Earlier this month, F5 Networks released patches to fix four critical bugs in BIG-IP and BIG-IQ. Then the developers wrote that these vulnerabilities can lead to denial of service (DoS) attacks and even to remote execution of arbitrary code without authentication.
One of the most serious fixed vulnerabilities has the identifier CVE-2021-22986 and affects various devices with F5 iControl REST on board. This RCE issue allows arbitrary code to run on vulnerable iControl REST API systems without authentication. Basically, this means that any available F5 iControl REST interface could be abused by attackers. That is why the error received 9.8 points out of 10 on the CVSSv3 scale.
Last week, a PoC exploit for this problem was published on the Rapid7 AttackerKB portal. Although the exploit was incomplete, it still allowed attackers to develop their own tools, and even then experts warned of the coming wave of attacks.

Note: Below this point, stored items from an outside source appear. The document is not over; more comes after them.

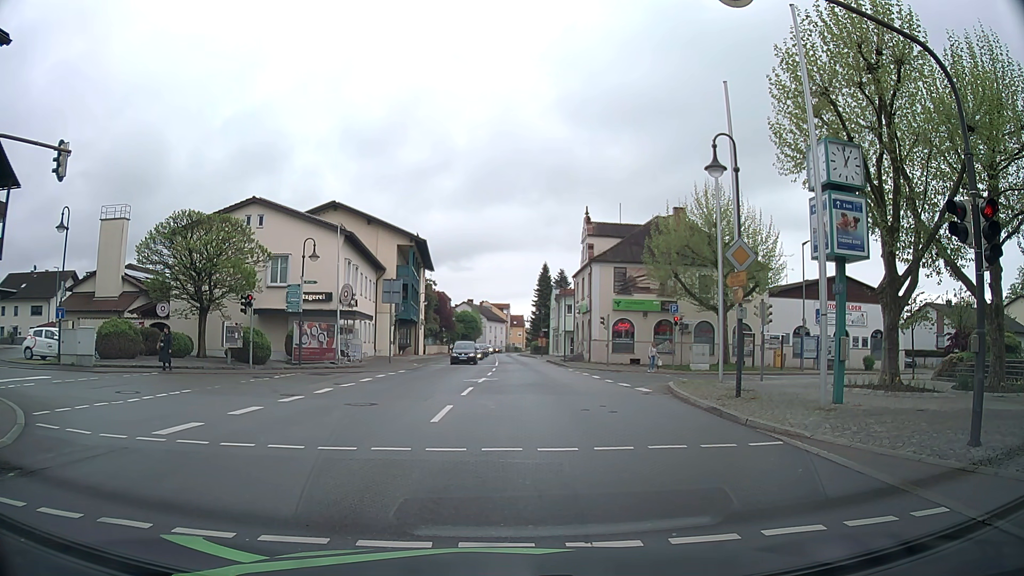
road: secondary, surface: asphalt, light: Day
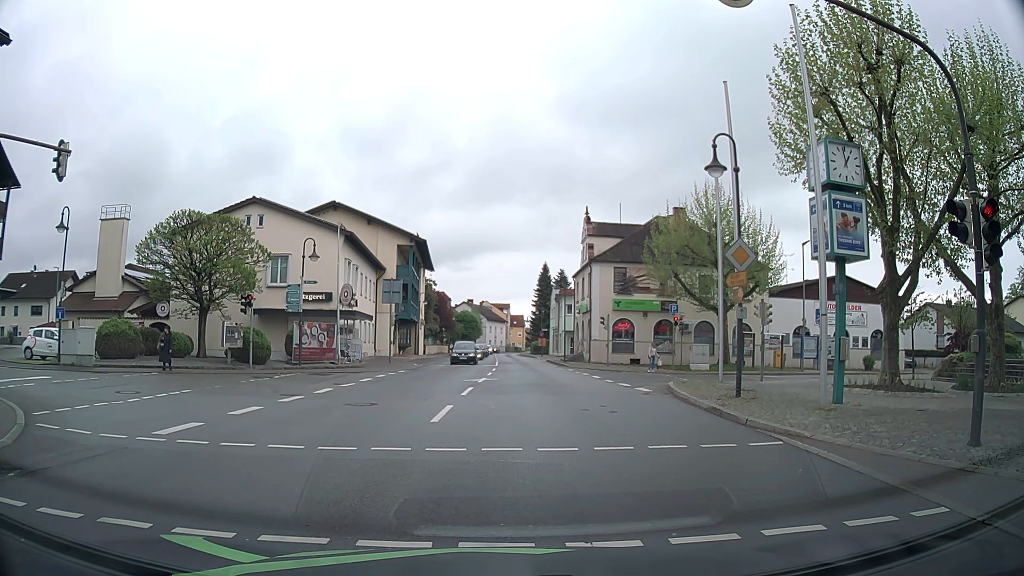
(0.0, 0.0) m; 0°
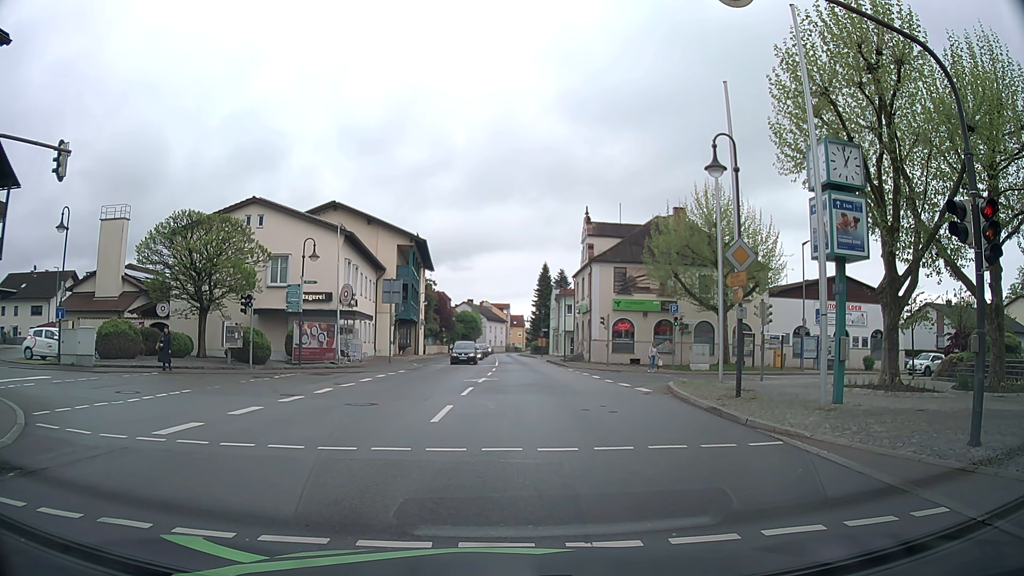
(0.0, 0.0) m; 0°
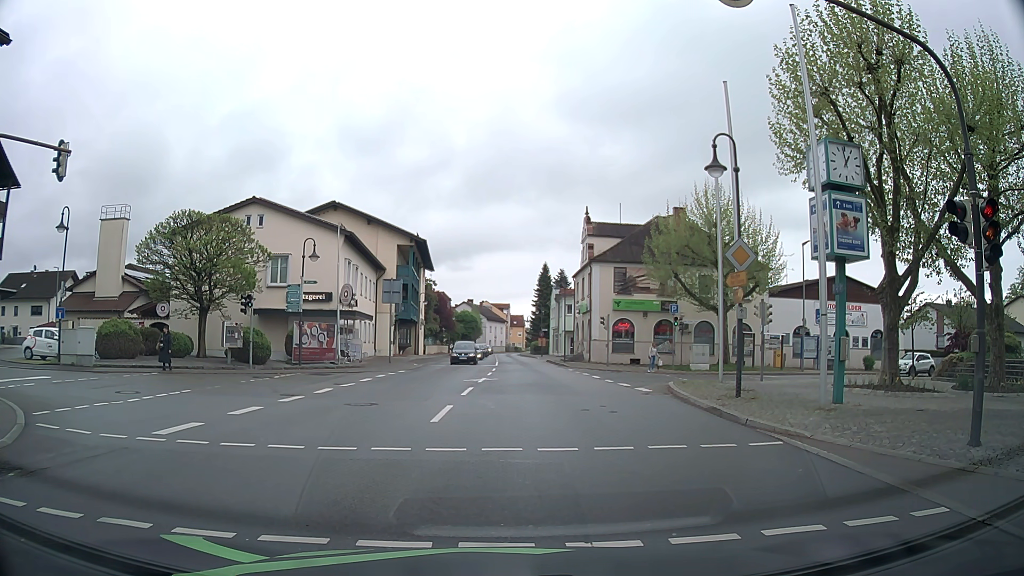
(0.0, 0.0) m; 0°
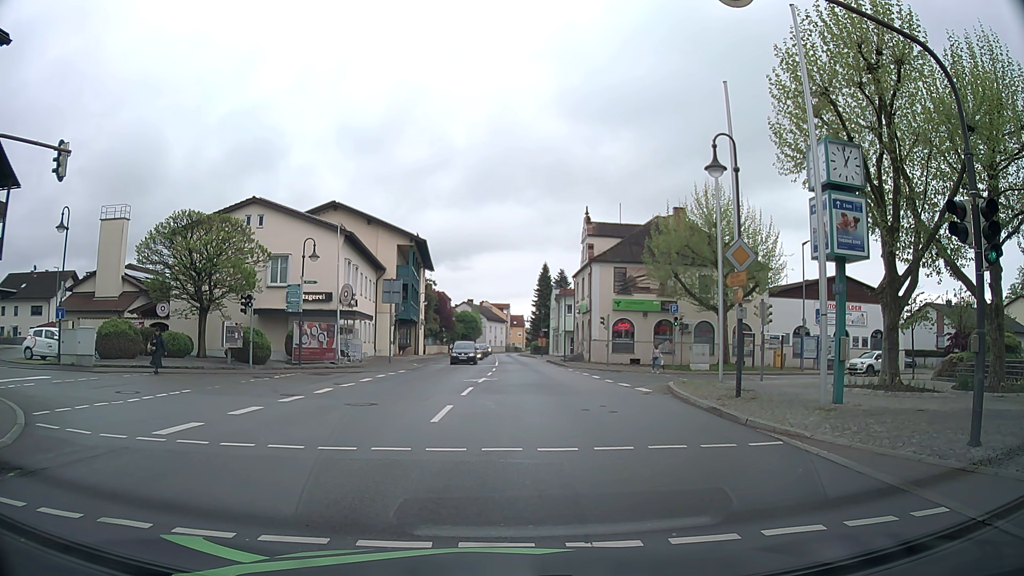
(0.0, 0.0) m; 0°
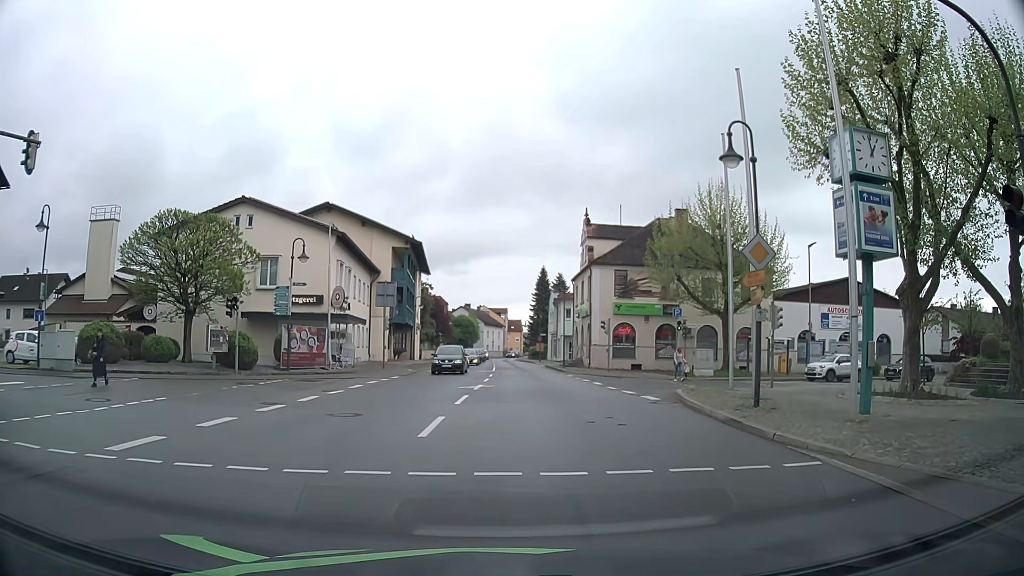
(0.0, +1.4) m; -2°
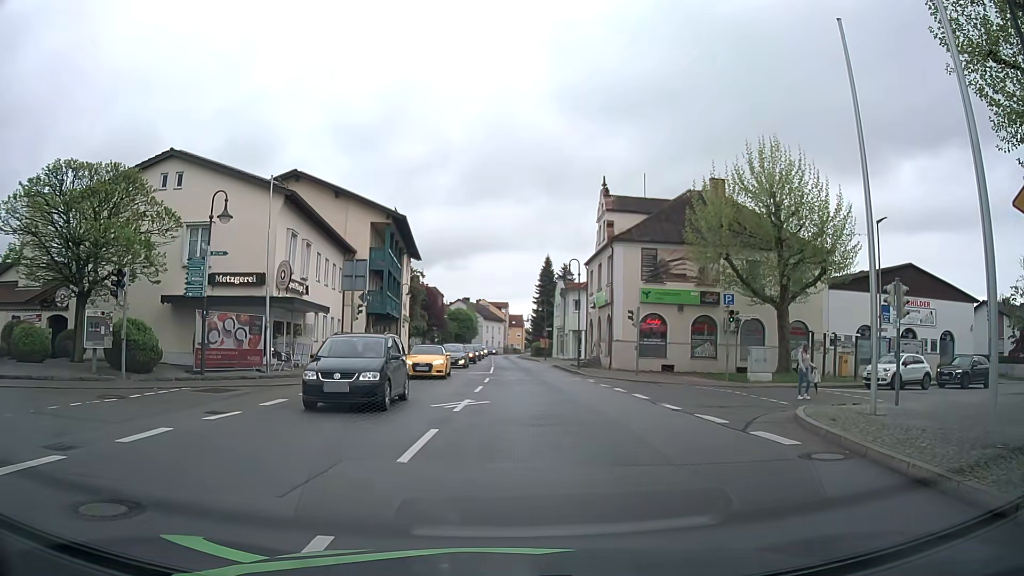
(+0.3, +8.8) m; +2°
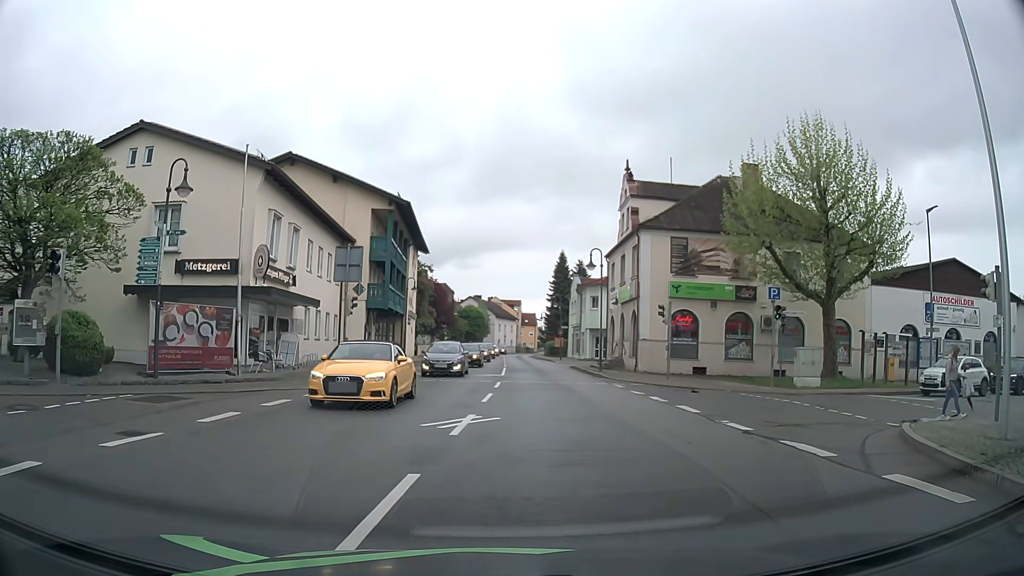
(0.0, +3.6) m; 0°

Beginning March 18, Bad Packets experts have recorded massive Internet scans, through which attackers are trying to detect vulnerable F5 devices with the iControl REST interface.
At the end of last week, NCC Group analysts warned that they had discovered full-fledged attacks, during which hackers deployed full chains of exploits to attack the CVE-2021-22986 problem.
Now cybersecurity experts expect that such attacks will only increase in the coming months. After all, F5 devices are very popular and are often used as load balancers and access gateways in large corporate networks, government agencies, data centers and in the infrastructure of Internet providers.